PQ and MN are two parallel conductors at a distance l apart and connected by a resistance R as shown in figure. They are placed in a magnetic field B which is perpendicular to the plane of the conductors. A wire XY is placed over PQ and MN and then made to slide over PQ and MN with a velocity v. Neglecting the resistance of PQ, MN and wire XY, calculate the work done per second to slide the wire XY.

When a wire slides in a magnetic field on two conducting wires an emf is induced in the wire and current flows through the wire, hence a force acts which is opposite to the motion of the wire. Consider the diagram in which wire XY moves as shown in figure.
By Faraday.s law of induced emf, `E=vBl`
If resistance of loop is R, then `I=(vBl)/(R )`
`therefore` Magnetic force `=IBlsin90^(@)`
`=((vBl)/(R))Bl=(vB^(2)l^(2))/(R)`
`therefore` External force must be equal to magnetic force and in opposite directions.

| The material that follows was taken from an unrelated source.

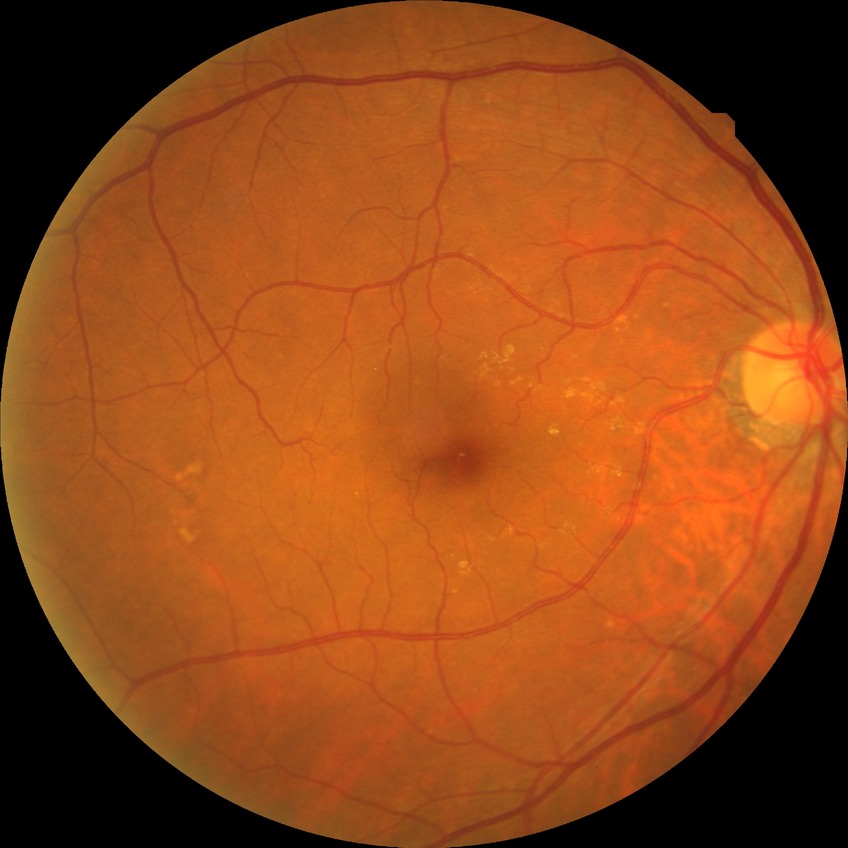

DR grade is NDR.

`therefore` External force = `(vB^(2)l^(2))/(R)`
Due to flow of current, there is a loss of energy per unit time power in the circuit.
Power loss,
`P=I^(2)R=((vBl)/(R))^(2)xxR=(v^(2)B^(2)l^(2))/(R^(2))xxR`
`P=(v^(2)B^(2)l^(2))/(R)`
This loss of power energy per unit time must be compensated by external agent to maintain constant speed of the rod.